Finch June 2018 - present
Manager: Rotem Gura Sadovsky, PhD
Team Lead: Sonia Timberlake, PhD

I began in my role as a Bioinformatics Research Associate on Finch Therapeutics’ Data Science team in June of 2018. As part of the Data Science team, I work in an extensively collaborative environment, combining insights from my teammates, bench scientists and clinicians at Finch to perform high-throughput analysis of multi-omics microbiome data from patients in a variety of disease indications. My role, which was expanded with a promotion Bioinformatics Research Associate II in June of 2020, also means that I assist in computational analysis method development, perform end-to-end implementation and validation of bioinformatics pipelines, and orchestrate meta-analysis projects as part of the Ulcerative Colitis, Crohn’s Disease, Autism Spectrum Disorder and Clostridium difficile (CP101) programs.
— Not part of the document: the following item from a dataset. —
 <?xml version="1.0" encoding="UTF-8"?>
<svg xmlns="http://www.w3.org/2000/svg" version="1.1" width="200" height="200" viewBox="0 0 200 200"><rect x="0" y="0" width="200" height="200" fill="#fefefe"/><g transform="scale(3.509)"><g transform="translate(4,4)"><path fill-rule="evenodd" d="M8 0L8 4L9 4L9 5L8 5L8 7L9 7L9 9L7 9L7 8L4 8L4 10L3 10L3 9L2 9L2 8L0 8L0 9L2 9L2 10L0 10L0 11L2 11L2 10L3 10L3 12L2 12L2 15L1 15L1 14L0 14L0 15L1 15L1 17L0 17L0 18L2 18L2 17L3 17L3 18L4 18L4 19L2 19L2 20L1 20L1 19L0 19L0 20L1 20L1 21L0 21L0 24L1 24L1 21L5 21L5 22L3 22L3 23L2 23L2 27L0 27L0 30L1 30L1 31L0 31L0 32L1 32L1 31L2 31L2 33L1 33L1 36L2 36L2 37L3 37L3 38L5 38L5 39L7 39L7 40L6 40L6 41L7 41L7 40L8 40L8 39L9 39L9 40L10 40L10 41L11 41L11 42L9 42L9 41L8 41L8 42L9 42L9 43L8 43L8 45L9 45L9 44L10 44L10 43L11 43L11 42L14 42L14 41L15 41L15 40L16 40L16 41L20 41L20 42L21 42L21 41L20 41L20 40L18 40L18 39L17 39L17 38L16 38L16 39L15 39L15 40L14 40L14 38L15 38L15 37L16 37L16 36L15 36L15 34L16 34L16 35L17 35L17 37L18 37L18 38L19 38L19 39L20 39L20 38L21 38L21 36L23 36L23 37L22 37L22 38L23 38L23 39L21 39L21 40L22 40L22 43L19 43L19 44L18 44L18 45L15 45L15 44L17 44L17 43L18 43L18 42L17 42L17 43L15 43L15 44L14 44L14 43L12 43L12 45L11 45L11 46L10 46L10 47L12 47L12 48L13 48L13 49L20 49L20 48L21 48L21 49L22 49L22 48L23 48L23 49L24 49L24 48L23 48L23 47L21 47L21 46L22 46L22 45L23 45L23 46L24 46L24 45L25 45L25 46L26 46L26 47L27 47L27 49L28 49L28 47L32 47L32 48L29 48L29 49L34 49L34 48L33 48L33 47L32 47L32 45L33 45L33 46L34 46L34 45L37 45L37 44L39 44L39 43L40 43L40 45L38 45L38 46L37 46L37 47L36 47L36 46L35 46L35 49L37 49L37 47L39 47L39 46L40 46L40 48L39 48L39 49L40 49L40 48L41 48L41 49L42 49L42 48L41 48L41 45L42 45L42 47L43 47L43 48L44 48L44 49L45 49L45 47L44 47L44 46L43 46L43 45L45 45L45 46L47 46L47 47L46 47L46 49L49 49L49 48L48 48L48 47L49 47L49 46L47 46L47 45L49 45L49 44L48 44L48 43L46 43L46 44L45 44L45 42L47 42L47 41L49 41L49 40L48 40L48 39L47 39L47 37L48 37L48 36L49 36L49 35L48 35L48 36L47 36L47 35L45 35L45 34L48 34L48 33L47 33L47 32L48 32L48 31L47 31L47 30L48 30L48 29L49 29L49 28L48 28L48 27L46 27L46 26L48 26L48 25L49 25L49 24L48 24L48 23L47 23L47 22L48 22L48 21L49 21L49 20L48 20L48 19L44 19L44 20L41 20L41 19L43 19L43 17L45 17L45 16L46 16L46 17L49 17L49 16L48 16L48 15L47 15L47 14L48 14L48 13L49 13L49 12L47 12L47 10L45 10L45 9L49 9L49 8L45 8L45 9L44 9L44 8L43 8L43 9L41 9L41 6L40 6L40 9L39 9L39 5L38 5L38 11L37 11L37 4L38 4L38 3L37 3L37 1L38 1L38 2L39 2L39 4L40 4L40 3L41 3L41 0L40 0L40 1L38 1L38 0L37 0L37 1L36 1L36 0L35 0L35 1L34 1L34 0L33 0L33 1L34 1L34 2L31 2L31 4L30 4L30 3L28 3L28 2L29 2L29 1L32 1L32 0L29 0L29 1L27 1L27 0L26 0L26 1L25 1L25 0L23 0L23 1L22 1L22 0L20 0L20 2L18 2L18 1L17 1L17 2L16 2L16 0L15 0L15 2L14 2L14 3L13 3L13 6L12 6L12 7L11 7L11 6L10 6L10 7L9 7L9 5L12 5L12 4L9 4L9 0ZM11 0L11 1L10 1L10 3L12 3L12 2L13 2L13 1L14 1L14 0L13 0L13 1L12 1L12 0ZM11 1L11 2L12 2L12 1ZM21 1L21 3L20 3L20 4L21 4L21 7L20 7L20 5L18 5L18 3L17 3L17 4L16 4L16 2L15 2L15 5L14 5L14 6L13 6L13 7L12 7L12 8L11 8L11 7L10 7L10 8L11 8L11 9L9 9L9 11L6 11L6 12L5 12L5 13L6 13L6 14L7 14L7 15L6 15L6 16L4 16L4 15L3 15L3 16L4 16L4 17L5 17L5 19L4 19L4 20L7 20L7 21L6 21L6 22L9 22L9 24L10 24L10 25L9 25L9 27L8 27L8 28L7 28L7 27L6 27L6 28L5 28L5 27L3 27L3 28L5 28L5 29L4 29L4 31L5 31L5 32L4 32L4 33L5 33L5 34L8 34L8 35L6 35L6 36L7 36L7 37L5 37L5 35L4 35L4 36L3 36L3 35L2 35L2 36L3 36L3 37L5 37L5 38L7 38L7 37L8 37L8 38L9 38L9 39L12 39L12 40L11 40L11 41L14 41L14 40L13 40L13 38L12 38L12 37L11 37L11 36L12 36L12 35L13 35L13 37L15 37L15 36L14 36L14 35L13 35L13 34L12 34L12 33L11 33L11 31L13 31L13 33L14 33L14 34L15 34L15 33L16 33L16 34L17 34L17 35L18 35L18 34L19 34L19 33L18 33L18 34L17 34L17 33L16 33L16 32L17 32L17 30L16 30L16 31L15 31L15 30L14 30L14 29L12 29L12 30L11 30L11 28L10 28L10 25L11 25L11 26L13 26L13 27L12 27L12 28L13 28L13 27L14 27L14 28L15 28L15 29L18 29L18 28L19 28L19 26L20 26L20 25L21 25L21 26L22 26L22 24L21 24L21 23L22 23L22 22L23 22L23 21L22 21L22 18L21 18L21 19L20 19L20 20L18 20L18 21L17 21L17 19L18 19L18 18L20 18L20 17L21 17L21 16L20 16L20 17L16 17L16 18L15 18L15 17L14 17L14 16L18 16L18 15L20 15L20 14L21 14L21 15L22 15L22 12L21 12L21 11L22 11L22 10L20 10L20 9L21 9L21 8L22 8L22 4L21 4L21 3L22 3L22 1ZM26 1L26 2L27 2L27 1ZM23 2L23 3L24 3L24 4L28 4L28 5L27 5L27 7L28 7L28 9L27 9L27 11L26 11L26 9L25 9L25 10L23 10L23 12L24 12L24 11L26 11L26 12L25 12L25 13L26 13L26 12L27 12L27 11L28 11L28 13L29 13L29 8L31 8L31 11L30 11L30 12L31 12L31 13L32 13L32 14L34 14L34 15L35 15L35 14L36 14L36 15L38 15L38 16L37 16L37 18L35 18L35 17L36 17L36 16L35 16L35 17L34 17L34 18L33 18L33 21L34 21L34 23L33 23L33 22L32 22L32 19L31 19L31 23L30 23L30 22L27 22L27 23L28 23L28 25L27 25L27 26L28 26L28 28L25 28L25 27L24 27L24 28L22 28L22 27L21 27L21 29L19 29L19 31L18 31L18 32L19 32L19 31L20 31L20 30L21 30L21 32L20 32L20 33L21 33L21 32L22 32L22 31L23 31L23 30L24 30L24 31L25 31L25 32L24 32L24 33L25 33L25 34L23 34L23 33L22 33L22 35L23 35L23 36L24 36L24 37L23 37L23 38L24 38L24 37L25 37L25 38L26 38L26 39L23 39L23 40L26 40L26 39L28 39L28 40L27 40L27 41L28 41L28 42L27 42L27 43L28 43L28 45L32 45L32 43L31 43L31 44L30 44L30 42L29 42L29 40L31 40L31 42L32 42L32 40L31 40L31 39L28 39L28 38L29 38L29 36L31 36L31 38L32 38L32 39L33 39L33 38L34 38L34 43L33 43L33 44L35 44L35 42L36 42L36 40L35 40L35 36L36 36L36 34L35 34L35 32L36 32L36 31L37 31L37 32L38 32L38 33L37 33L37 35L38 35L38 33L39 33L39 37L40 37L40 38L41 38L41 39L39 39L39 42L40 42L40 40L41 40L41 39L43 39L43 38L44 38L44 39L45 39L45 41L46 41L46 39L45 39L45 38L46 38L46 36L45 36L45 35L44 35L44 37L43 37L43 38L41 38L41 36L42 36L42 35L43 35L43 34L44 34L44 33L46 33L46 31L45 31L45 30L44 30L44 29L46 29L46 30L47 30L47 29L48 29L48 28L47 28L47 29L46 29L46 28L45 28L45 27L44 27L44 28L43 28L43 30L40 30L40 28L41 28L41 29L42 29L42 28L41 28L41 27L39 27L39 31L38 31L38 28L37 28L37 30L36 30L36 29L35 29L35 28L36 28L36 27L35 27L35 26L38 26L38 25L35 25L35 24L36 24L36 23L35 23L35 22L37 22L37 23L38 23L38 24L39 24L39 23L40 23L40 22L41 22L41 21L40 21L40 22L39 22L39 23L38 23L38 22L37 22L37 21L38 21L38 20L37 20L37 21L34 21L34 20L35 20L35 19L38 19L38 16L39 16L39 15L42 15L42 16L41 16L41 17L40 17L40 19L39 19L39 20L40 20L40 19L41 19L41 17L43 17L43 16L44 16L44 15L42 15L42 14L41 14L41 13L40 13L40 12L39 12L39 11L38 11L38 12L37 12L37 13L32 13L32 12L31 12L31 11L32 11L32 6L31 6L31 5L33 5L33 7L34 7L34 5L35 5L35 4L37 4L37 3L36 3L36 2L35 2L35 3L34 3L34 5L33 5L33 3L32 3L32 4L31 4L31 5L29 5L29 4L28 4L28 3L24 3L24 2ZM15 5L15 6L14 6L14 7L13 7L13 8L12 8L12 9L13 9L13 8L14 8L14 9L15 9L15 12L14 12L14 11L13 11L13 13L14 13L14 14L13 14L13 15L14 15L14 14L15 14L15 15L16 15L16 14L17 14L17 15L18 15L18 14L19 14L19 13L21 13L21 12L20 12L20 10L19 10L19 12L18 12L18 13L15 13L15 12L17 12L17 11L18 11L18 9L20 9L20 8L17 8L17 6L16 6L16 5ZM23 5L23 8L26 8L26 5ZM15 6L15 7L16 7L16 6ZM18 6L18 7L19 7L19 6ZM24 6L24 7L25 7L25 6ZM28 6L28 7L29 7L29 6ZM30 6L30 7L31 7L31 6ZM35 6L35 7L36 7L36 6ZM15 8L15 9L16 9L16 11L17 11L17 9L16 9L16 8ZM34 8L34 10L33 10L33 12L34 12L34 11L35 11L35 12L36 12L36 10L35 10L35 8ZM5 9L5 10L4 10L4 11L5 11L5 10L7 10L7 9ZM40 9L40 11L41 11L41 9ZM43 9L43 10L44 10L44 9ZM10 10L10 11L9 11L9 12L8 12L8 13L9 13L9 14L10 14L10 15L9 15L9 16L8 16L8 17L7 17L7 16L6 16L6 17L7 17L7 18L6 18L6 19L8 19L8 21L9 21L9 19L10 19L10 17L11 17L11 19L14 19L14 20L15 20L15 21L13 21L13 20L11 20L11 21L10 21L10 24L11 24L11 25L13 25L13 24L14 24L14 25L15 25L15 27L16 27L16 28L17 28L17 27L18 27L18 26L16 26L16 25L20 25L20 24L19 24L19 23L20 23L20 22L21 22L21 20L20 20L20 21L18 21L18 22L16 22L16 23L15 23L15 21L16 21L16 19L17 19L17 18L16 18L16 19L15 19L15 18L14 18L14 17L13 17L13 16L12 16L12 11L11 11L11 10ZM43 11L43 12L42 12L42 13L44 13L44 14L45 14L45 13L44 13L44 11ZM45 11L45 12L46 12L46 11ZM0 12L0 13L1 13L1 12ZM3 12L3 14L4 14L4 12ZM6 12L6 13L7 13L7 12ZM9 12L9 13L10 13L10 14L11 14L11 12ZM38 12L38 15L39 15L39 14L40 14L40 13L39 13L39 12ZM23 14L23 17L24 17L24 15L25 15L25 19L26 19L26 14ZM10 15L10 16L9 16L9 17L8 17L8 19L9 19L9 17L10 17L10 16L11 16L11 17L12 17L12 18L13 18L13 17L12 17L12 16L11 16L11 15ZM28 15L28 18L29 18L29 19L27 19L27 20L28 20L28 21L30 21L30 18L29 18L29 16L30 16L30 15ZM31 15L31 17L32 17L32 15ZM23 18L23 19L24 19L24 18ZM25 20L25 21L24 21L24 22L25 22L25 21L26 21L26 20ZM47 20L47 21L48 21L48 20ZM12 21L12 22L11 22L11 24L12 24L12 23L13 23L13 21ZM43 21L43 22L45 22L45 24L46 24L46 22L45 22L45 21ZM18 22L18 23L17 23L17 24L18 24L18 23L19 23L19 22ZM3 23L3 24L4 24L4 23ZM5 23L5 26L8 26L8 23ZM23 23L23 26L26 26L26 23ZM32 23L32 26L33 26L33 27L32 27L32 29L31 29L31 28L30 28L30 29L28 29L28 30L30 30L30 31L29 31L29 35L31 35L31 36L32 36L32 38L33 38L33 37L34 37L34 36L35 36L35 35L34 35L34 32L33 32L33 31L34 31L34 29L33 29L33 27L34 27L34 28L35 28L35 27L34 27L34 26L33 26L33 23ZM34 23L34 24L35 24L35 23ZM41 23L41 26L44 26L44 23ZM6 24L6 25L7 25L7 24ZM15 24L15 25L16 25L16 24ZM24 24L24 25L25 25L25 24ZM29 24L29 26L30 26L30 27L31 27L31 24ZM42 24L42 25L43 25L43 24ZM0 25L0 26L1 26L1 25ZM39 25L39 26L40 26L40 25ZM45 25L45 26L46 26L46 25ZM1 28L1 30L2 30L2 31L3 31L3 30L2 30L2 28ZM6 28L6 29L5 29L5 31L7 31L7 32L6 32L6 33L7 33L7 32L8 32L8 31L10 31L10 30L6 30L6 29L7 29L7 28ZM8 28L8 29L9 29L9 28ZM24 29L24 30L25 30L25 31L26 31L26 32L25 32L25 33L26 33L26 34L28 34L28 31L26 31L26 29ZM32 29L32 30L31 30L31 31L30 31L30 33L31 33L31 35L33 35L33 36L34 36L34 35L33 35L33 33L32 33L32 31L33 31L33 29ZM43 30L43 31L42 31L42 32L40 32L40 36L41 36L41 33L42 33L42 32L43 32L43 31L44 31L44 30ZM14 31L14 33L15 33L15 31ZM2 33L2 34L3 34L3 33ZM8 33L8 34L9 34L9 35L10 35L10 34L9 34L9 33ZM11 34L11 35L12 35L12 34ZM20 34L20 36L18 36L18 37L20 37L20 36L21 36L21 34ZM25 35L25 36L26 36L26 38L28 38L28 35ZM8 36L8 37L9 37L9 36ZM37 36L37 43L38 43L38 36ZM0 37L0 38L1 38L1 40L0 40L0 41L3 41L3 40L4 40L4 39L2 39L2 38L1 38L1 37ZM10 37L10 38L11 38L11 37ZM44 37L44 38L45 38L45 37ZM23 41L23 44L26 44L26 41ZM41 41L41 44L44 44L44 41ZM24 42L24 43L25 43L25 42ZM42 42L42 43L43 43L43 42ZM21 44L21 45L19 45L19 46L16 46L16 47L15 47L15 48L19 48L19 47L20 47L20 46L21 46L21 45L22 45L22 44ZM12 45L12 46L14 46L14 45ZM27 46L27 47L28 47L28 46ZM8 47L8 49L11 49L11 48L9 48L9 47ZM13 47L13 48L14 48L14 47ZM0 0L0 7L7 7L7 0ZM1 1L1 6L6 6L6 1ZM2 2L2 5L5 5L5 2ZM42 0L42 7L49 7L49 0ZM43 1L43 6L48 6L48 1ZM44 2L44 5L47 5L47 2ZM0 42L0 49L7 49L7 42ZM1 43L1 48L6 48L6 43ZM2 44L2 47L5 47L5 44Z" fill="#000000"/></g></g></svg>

Analyzing the human microbiome in IBD

Ulcerative colitis (UC) and Crohn’s Disease (CD), collectively form the class of heterogeneous gastrointestinal inflammatory disorders known as inflammatory bowel disease (IBD). As part of the microbial candidate discovery process for in Finch’s Rationally Selected Microbiota therapy in IBD, I have processed NGS data from dozens of datasets constituting thousands of samples and billions of reads for meta-analysis. This is involved building and validating version-controlled and scalable bioinformatics pipelines with in an HPC environment to quality-filter DNA sequences, remove contaminant DNA, and quantify strain abundances using both public and custom databases. After processing was complete, I identified microbes which strongly distinguished IBD and non-IBD cohorts with a robust statistical meta-analysis framework. Using clinical diagnosis and demographic information from the patients in each dataset, I also discovered disease location and behavior-specific microbial populations, presenting this information in the phylogenetic and functional context of the microbial populations of the gut. In addition to building outstanding technical skills and experience working with high volumes of real-world data under tight deadlines, these projects require that I work independently while effectively communicating my decisions and hypotheses to align my work with each project’s timelines. As I assessed data quality, consulted literature for best practices in pipeline construction, and executed on multiple complex projects, I gained critical insights into how to manage scientific projects and generate actionable outcomes.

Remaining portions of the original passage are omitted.